Common sense demands that if President Zardari has rectified a past irregularity, Why can not others do the same? Mir Zafrullah Khan Jamali, the then Prime Minister, has drained on the exchequer to the tune of Rs. 16.7 million to perform Umra along with his cronies. Ch Shujaat Hussain, as Prime Minister, deprived the treasury of Rs 15.2 million when he led a large contingent to Holy Places. When Shaukat Aziz, our great plastic PM, occupied the throne with all his buffoonery, he too followed the godly practice of performing the Umra at State expense. The great "economist" premier wrung "only" Rs 18.7 million from treasury of the Islamic Republic. He claimed later on, that he had spent this amount out of his personal Kitty but there is no evidence to prove this claim truthful. This poor nation, the majority of which has no access even to potable water, not to speak of comforts, has a right to ask as to why these former prime ministers do not follow the example set by President Zardari. It is a simple matter of "now or never." Government, which claims to be a people's government, must ordain these extremely wealthy persons to pay the extorted public money back to the exchequer. Let the Ministry of Finance ask them. Let the Parliament pass a resolution to that effect, or prime minister office direct these defaulters to avoid further delay in doing what the president has already done.

But if somebody thinks that the example set by President Zardari will save the exchequer from plunders in future, it is a wishful thinking unless the recoveries are made retrospectively. Tomorrow never comes. It has never come at least in this wretched country. Let Mir Zafrullah Jamali and Ch Shujaat follows the president. As for as the plastic PM Shaukat Aziz is concerned, his pecuniary lawlessness may be condoned on compassionate ground. The poor soul could not afford even an economy class air passage to Pakistan on the sad demise of his father in law! Let someone venture to draw attention of Maulana Edhi to make his two ends meet.

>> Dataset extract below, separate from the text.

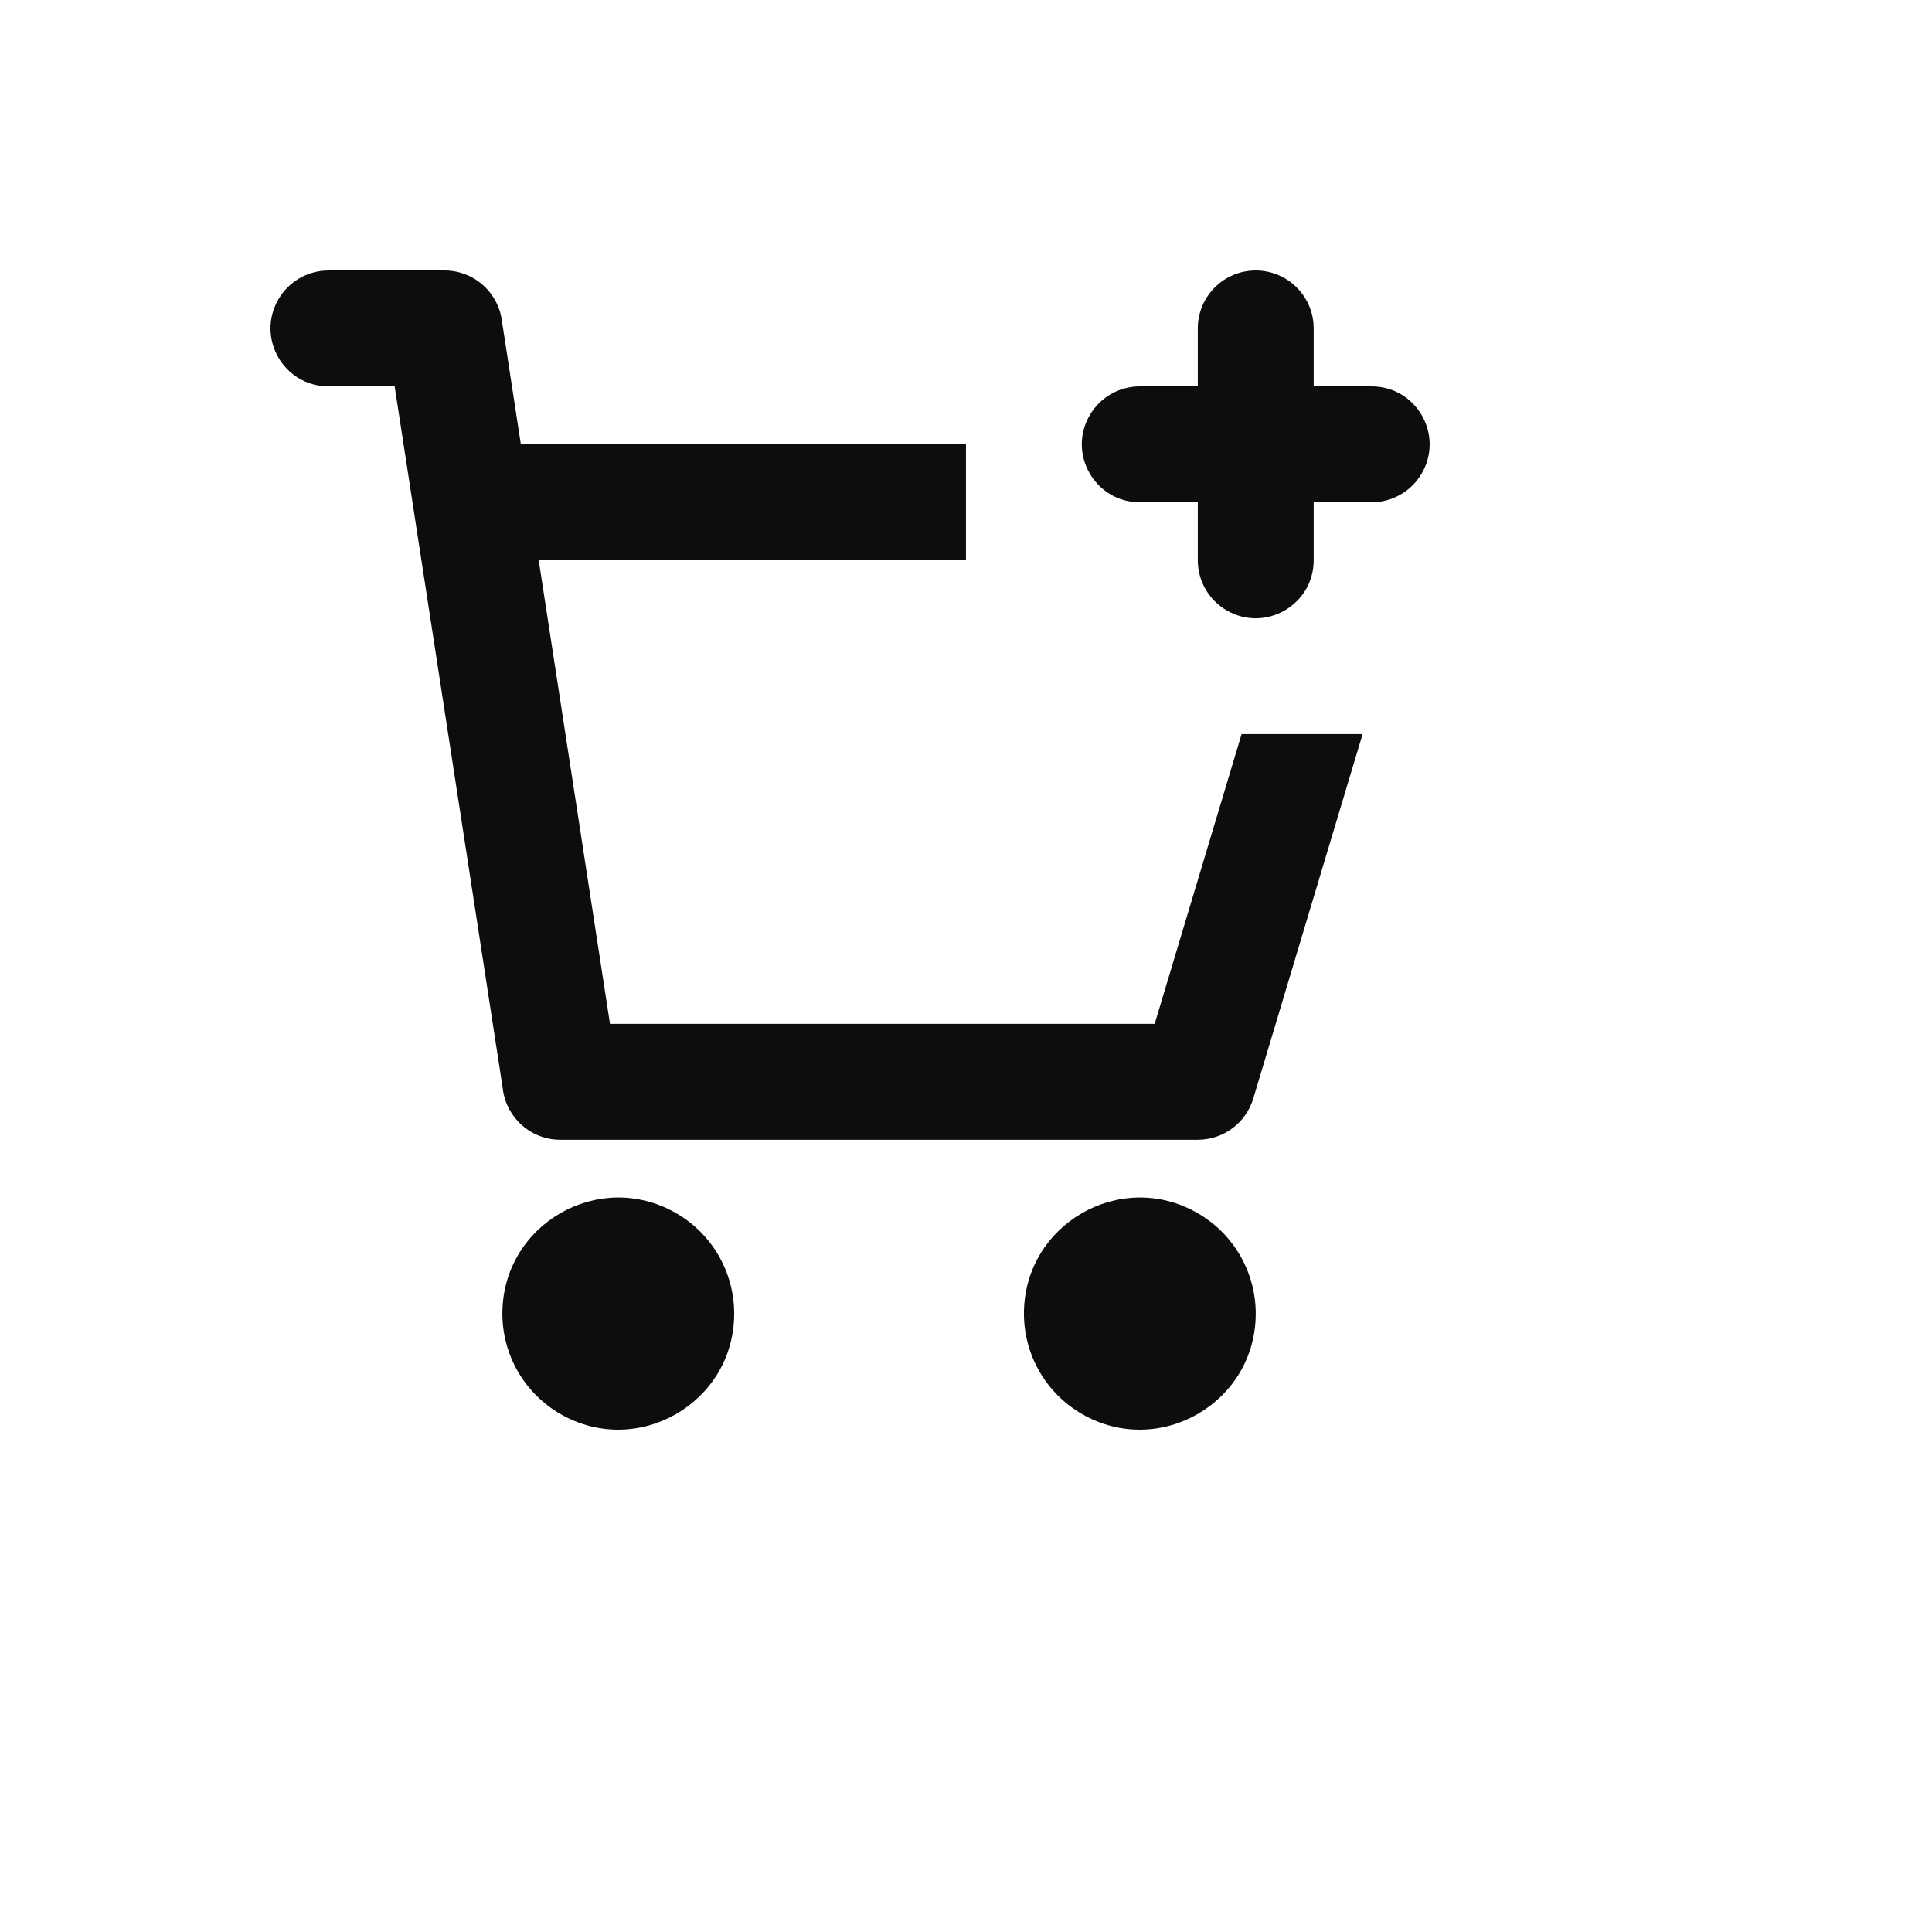 <svg xmlns="http://www.w3.org/2000/svg" version="1.1" xmlns:xlink="http://www.w3.org/1999/xlink" width="100%" height="100%" id="svgWorkerArea" viewBox="-25 -25 625 625" xmlns:idraw="https://idraw.muisca.co" style="background: white;"><defs id="defsdoc"><pattern id="patternBool" x="0" y="0" width="10" height="10" patternUnits="userSpaceOnUse" patternTransform="rotate(35)"><circle cx="5" cy="5" r="4" style="stroke: none;fill: #ff000070;"></circle></pattern></defs><g id="fileImp-412455216" class="cosito"><path id="pathImp-206974850" fill="#0D0D0D" class="grouped" d="M137.705 327.511C137.705 327.511 102.667 99.997 102.667 99.997 102.667 99.997 81.276 99.997 81.276 99.997 66.845 99.997 57.825 84.375 65.041 71.877 68.389 66.076 74.578 62.503 81.276 62.503 81.276 62.503 118.489 62.503 118.489 62.503 123.011 62.419 127.411 63.986 130.862 66.909 134.405 69.888 136.717 74.078 137.349 78.663 137.349 78.663 143.498 118.744 143.498 118.744 143.498 118.744 287.494 118.744 287.494 118.744 287.494 118.744 287.494 156.238 287.494 156.238 287.494 156.238 149.272 156.238 149.272 156.238 149.272 156.238 172.331 306.214 172.331 306.214 172.331 306.214 348.535 306.214 348.535 306.214 348.535 306.214 376.655 212.479 376.655 212.479 376.655 212.479 415.799 212.479 415.799 212.479 415.799 212.479 380.442 330.342 380.442 330.342 378.065 338.276 370.765 343.709 362.483 343.709 362.483 343.709 156.565 343.709 156.565 343.709 151.913 343.795 147.399 342.136 143.91 339.059 140.51 336.088 138.299 331.986 137.686 327.511 137.686 327.511 137.705 327.511 137.705 327.511M212.506 399.95C212.506 428.812 181.26 446.853 156.265 432.42 144.664 425.723 137.518 413.344 137.518 399.95 137.518 371.087 168.763 353.046 193.759 367.479 205.359 374.176 212.506 386.555 212.506 399.95 212.506 399.95 212.506 399.95 212.506 399.95M381.23 399.95C381.23 428.812 349.984 446.853 324.988 432.42 313.388 425.723 306.241 413.344 306.241 399.95 306.241 371.087 337.487 353.046 362.483 367.479 374.083 374.176 381.23 386.555 381.23 399.95 381.23 399.95 381.23 399.95 381.23 399.95M381.23 62.503C391.584 62.503 399.977 70.896 399.977 81.25 399.977 81.25 399.977 99.997 399.977 99.997 399.977 99.997 418.724 99.997 418.724 99.997 433.155 99.997 442.175 115.619 434.959 128.118 431.611 133.918 425.422 137.491 418.724 137.491 418.724 137.491 399.977 137.491 399.977 137.491 399.977 137.491 399.977 156.238 399.977 156.238 399.977 170.67 384.355 179.689 371.856 172.474 366.056 169.125 362.483 162.937 362.483 156.238 362.483 156.238 362.483 137.491 362.483 137.491 362.483 137.491 343.735 137.491 343.735 137.491 329.304 137.491 320.285 121.869 327.5 109.371 330.849 103.57 337.037 99.997 343.735 99.997 343.735 99.997 362.483 99.997 362.483 99.997 362.483 99.997 362.483 81.25 362.483 81.25 362.483 70.896 370.876 62.503 381.23 62.503 381.23 62.503 381.23 62.503 381.23 62.503"></path></g></svg>

This brings us to another paradox. Politicians, especially public representatives, sooner or later, do get exposed. Whether it is a written off loan of enormous magnitude or a massive tax evasion, there is always a hue and cry in the parliament and consequently in the domestic and international press. But what about the wolves disguised as sheep in the herd known as bureaucracy? What about the public servants, whatever is colour of their attires, who have gained illegitimate capital out of their positions? A foreign journalist once, while writing in one of English dailies of Pakistan, had compared the jet set living of one such (retd) public servant with that of Latin American despots! The stories of 64 plots and 14 palaces are not very old. If accountability is not to be staged as mere source of entertainment for the fun-starved public, it has to be effected with retrospective effect and no holy bull is to be exempted.

Gar yih naheen to baba / Phir sab kahanian hain!